Kavorkian also cites cases from other states, involving plaintiff bystanders, closely related to victims of negligently inflicted injury or death, where recovery was permitted despite the fact that the second prong of the Dillon guidelines was not explicitly met. See Kavorkian, 727 P.2d at 1042 n. 4.

Viewing the Crofts' allegations as true, as we must in reviewing an Alaska Civil Rule 12(b)(6) ruling, Shooshanian v. Wagner, 672 P.2d 455, 461 (Alaska 1983), concededly the Crofts did not sensorily and contemporaneously observe the incident of sexual assault alleged here. Our discussion of Kavorkian and the other cases cited makes clear, however, that it is the reasonable foreseeability to the defendant of harm to the plaintiff that generates the defendant's duty to exercise reasonable care. Here, the facts evince that the Crofts were in close proximity to Wicker and Sarah when the alleged incident occurred. They observed her extreme distress just after the alleged assault occurred. We cannot say that it was not reasonably foreseeable to Wicker that Sarah's parents would be in close proximity and therefore harmed by his actions. The alleged incident occurred during a visit Wicker made to their home. Sarah is a youth who would naturally seek the consolation of her parents under such circumstances as are alleged to have occurred here. Under these circumstances, we conclude that the Crofts have stated a cause of action for negligent infliction of emotional distress sufficient to present their claim to a jury.

III. INTENTIONAL INFLICTION OF EMOTIONAL DISTRESS

The Crofts argue that they have stated a cause of action for intentional infliction of emotional distress. In Richardson v. Fairbanks North Star Borough, 705 P.2d 454, 456 (Alaska 1985), we adopted the Restatement (Second) of Torts § 46(1) (1965), which provides:

(1) One who by extreme and outrageous conduct intentionally or recklessly causes severe emotional distress to another is subject to liability for such emotional distress, and if bodily harm to the other results from it, for such bodily harm.

In Richardson, this court denied recovery under this theory to plaintiffs who sought damages against the borough for emotional distress they sustained when their dog was killed by an employee of the borough animal shelter in violation of the shelter's policy. 705 P.2d at 455. Today we extend this doctrine and hold that a third person who is foreseeably harmed by extreme and outrageous conduct may state a cause of action for intentional infliction of emotional distress. Applying this rule to the instant case, we find that the Crofts have stated such a claim.

In Richardson, recovery was denied not because we do not recognize that the loss of a pet can be especially distressing under egregious circumstances, but rather because in that case the plaintiffs' offer of proof as to the severity of their emotional distress was, as a threshold matter, insufficient. 705 P.2d at 456-57.

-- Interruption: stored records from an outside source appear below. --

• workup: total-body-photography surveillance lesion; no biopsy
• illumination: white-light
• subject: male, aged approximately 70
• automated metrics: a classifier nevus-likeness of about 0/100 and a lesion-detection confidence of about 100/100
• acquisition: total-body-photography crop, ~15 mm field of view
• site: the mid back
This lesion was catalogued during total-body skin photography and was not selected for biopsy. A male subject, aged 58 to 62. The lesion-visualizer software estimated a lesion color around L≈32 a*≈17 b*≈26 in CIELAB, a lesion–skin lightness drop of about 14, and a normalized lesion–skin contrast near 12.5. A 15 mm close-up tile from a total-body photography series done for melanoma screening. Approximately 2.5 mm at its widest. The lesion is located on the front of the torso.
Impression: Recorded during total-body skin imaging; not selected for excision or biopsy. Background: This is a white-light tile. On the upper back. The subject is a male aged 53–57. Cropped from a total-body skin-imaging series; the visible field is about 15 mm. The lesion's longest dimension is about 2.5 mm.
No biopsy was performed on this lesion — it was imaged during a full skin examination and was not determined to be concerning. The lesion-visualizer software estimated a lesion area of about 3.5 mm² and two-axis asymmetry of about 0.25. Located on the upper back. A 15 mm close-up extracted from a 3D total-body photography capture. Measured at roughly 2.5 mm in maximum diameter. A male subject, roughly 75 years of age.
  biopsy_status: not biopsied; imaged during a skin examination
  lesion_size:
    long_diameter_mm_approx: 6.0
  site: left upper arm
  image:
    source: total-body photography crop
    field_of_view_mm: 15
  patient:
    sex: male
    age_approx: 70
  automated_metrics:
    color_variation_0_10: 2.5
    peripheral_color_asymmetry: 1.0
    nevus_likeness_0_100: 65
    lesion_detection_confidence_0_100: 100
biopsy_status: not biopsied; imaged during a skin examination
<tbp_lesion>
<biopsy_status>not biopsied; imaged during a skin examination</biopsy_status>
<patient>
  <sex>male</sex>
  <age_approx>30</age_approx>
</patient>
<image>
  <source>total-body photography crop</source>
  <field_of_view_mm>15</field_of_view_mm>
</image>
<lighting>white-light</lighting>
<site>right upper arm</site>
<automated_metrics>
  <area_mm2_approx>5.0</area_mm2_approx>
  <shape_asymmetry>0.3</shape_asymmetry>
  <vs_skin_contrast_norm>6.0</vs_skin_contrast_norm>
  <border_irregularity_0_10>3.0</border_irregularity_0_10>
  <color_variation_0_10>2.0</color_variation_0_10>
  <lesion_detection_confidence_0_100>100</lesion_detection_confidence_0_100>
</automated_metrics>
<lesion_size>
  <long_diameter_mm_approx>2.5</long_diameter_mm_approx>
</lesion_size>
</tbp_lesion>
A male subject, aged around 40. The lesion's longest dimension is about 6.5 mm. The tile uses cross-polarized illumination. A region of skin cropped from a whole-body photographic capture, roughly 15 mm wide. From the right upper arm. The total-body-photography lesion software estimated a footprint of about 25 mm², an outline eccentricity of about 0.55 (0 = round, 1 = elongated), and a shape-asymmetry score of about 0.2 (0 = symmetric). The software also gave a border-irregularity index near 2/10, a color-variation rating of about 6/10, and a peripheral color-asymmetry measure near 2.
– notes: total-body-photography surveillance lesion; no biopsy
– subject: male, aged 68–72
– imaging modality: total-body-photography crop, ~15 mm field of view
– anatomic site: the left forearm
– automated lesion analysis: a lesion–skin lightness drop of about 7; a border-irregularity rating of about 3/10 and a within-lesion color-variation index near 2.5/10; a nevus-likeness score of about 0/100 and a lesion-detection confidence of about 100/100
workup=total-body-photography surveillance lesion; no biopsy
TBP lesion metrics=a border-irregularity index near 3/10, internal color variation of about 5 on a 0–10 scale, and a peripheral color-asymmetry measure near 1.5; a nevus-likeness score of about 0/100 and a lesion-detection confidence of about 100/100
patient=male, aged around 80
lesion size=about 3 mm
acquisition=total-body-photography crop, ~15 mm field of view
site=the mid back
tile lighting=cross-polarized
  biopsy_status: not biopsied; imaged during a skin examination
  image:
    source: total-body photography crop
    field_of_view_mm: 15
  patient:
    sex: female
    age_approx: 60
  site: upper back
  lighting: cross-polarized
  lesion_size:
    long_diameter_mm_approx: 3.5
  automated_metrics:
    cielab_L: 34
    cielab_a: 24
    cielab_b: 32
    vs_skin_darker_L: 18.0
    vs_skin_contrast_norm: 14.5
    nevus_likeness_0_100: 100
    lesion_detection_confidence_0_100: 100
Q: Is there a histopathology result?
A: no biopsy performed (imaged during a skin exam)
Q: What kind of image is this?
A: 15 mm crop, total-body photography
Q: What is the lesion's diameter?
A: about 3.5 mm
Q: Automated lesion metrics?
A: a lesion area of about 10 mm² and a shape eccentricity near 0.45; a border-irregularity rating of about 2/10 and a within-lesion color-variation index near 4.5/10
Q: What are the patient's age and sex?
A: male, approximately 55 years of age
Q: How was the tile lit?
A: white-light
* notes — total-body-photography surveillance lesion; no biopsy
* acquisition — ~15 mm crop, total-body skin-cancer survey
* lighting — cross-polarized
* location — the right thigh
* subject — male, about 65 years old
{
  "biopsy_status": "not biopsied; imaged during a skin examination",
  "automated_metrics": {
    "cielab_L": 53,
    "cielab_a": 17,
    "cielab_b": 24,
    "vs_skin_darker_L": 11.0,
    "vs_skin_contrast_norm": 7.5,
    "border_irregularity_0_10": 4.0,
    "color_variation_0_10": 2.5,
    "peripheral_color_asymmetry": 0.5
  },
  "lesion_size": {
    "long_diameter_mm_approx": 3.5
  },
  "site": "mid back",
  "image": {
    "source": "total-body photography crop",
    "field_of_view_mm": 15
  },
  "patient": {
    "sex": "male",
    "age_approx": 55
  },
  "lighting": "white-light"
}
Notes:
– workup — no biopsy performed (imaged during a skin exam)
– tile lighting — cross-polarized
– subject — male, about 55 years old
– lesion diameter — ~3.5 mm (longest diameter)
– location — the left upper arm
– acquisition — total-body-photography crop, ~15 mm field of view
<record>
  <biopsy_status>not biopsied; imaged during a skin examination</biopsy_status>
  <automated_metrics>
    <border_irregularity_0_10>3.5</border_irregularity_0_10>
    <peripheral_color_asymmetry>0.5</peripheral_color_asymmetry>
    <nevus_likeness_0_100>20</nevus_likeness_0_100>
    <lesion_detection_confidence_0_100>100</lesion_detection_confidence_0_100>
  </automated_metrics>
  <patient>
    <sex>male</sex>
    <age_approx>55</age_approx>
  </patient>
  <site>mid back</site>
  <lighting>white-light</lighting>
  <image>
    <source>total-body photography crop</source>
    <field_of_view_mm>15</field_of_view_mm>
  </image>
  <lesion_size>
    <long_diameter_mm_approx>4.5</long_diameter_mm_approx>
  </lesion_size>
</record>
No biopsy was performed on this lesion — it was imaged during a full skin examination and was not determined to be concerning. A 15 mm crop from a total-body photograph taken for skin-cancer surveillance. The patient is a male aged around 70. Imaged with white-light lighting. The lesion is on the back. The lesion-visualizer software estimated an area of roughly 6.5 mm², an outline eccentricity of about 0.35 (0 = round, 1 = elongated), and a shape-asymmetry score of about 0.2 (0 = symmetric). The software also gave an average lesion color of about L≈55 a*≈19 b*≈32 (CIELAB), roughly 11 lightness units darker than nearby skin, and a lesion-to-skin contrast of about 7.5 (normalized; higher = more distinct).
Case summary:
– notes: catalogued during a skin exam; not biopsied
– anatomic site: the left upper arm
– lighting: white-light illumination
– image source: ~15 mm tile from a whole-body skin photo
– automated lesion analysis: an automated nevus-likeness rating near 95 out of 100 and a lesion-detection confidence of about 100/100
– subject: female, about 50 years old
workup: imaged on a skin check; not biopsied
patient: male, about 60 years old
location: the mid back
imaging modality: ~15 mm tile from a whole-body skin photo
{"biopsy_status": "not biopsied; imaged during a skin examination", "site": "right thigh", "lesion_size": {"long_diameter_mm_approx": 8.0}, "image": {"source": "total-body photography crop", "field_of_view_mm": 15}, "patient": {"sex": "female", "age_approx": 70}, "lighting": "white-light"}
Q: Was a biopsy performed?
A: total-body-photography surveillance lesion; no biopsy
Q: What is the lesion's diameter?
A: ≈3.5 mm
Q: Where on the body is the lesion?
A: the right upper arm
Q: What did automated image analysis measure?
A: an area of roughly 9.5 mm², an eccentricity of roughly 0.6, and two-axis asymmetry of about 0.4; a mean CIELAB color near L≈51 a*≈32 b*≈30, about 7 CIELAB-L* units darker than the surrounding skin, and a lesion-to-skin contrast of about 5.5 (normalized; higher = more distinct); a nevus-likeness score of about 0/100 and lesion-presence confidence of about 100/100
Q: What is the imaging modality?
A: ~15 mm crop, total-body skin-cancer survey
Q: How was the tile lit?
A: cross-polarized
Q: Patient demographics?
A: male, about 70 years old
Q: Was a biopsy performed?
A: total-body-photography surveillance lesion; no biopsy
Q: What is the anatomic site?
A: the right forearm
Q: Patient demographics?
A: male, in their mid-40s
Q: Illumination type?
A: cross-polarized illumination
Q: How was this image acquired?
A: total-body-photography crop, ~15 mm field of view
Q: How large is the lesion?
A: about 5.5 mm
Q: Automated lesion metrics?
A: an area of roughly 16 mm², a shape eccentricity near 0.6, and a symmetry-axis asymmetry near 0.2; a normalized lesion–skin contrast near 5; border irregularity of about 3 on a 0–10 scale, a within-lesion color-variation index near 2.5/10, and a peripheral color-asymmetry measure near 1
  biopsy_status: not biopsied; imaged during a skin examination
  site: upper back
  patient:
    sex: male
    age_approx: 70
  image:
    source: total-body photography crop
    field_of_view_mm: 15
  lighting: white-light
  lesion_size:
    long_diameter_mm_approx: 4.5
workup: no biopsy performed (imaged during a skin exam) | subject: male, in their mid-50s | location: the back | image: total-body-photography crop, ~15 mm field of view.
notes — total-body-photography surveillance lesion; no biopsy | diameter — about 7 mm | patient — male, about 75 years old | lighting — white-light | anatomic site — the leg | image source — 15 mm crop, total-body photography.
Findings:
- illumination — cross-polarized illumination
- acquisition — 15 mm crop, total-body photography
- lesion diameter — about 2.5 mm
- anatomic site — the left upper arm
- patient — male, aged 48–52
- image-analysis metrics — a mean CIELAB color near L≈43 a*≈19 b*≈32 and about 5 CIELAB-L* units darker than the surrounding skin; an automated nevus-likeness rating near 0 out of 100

We regard the facts of the instant case as being more egregious than those in Richardson. Again viewing the facts as *793 true, Shooshanian, 672 P.2d at 461, Wicker's alleged conduct was the intentional sexual abuse of a minor child while a guest at her parents' home, with full knowledge that they were in close proximity of the incident. The Restatement (Second) of Torts § 46 states:

Liability has been found only where the conduct has been so outrageous in character, and so extreme in degree, as to go beyond all possible bounds of decency and to be regarded as atrocious, and utterly intolerable in a civilized community. Generally, the case is one in which the recitation of facts to an average member of the community would arouse his resentment against the actor, and lead him to exclaim "outrageous!"

Restatement (Second) of Torts § 46 (1965), comment d.

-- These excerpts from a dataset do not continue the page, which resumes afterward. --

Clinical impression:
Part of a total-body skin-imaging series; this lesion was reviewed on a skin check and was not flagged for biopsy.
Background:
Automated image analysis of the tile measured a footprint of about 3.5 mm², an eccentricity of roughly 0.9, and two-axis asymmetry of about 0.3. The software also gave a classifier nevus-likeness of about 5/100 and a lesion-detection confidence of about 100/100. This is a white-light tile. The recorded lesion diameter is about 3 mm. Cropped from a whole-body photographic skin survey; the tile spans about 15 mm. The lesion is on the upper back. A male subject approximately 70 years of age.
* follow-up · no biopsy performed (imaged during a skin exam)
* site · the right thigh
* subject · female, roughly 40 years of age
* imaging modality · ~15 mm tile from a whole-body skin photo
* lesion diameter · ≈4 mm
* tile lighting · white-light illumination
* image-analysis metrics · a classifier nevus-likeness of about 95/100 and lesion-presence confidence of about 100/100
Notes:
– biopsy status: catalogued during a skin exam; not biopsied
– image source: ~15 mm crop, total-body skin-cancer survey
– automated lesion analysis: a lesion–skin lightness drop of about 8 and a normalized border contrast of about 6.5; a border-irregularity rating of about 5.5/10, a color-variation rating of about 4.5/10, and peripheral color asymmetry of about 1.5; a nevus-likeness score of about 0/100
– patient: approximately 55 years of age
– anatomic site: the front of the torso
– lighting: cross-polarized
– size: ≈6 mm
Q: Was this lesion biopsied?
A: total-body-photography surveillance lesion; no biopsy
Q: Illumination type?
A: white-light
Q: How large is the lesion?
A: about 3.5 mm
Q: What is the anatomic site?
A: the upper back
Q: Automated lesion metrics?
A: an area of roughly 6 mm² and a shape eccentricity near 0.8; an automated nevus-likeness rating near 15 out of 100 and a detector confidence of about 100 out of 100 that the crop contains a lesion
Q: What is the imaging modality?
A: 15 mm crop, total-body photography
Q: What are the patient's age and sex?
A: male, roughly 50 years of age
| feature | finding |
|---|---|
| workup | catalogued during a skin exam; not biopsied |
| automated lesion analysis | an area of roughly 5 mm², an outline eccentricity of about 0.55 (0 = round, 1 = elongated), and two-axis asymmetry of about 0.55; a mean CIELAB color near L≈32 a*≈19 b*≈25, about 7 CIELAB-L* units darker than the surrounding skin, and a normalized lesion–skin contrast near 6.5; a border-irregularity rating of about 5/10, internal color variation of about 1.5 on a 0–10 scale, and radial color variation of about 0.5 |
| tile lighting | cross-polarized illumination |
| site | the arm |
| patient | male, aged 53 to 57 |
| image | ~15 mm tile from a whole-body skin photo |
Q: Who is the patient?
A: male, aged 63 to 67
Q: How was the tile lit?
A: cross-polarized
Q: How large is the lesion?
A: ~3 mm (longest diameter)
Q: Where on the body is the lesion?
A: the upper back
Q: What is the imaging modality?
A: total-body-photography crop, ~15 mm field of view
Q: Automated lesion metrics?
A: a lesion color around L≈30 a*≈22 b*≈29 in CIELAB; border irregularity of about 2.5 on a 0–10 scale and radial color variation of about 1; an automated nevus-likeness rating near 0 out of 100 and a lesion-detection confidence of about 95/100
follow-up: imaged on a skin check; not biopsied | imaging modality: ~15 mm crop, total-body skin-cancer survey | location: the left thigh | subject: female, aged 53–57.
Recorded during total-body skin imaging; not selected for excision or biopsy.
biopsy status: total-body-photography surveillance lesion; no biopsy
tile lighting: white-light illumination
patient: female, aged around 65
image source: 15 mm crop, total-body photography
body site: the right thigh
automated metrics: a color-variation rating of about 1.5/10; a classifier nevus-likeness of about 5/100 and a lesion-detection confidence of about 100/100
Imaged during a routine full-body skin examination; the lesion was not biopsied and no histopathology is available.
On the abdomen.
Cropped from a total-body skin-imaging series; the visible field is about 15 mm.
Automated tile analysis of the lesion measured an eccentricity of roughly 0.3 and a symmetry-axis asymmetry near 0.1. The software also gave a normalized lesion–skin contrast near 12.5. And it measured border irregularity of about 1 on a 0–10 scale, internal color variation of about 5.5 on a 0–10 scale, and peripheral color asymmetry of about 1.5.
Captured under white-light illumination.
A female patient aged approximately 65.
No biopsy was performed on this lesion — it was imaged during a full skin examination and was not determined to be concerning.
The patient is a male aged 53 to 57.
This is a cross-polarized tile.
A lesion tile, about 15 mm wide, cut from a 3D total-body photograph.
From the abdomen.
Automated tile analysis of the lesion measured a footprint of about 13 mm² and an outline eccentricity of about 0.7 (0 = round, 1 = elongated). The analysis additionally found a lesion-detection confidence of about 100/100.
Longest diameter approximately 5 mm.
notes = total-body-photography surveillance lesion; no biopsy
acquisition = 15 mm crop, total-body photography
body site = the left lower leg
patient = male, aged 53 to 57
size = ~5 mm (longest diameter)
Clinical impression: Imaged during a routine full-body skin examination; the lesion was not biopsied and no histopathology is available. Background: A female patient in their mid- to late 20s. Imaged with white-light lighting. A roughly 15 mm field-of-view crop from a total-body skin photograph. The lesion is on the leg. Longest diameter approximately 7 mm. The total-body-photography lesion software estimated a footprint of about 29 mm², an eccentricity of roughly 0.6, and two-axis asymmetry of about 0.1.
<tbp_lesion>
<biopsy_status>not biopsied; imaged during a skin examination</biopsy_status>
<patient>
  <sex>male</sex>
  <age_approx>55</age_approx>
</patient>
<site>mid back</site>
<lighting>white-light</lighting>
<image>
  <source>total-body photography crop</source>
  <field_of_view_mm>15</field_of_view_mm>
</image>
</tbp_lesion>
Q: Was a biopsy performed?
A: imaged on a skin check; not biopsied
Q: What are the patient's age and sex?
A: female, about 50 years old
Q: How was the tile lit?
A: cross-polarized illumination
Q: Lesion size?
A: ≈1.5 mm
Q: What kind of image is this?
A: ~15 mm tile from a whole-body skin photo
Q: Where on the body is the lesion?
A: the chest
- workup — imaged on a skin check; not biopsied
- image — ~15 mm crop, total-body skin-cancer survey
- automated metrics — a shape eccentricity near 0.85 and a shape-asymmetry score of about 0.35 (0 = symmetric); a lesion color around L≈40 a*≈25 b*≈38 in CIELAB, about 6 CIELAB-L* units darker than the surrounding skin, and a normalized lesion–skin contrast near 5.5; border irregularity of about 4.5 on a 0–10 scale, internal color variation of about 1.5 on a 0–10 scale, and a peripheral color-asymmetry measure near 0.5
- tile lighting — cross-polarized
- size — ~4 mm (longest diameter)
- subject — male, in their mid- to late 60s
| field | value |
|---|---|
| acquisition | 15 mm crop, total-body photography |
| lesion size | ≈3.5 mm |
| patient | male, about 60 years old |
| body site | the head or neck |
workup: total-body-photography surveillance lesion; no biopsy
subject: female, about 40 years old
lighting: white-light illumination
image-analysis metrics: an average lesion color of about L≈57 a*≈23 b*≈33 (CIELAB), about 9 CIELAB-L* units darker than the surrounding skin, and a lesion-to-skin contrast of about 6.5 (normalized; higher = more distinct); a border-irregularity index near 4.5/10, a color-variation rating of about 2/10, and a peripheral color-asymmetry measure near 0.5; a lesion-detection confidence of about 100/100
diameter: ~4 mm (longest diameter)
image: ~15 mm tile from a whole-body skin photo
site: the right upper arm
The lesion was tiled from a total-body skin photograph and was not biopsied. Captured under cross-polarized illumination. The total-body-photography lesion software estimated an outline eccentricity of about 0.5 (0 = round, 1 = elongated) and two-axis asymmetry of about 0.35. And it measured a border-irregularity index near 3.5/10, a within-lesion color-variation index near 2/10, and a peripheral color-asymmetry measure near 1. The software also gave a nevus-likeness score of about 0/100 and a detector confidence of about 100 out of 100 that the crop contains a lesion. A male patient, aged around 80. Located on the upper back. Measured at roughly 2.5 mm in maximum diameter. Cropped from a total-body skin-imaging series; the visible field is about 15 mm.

Wicker's alleged intentional behavior was not a simple annoyance or insult. It did not result in mere insult or indignity. It was, rather, the very brand of behavior which our society labels "outrageous." We conclude that the Crofts have stated a cause of action for intentional infliction of emotional distress.

IV. CONCLUSION

For the foregoing reasons, we REVERSE the judgment of the superior court and REMAND for proceedings not inconsistent with this opinion.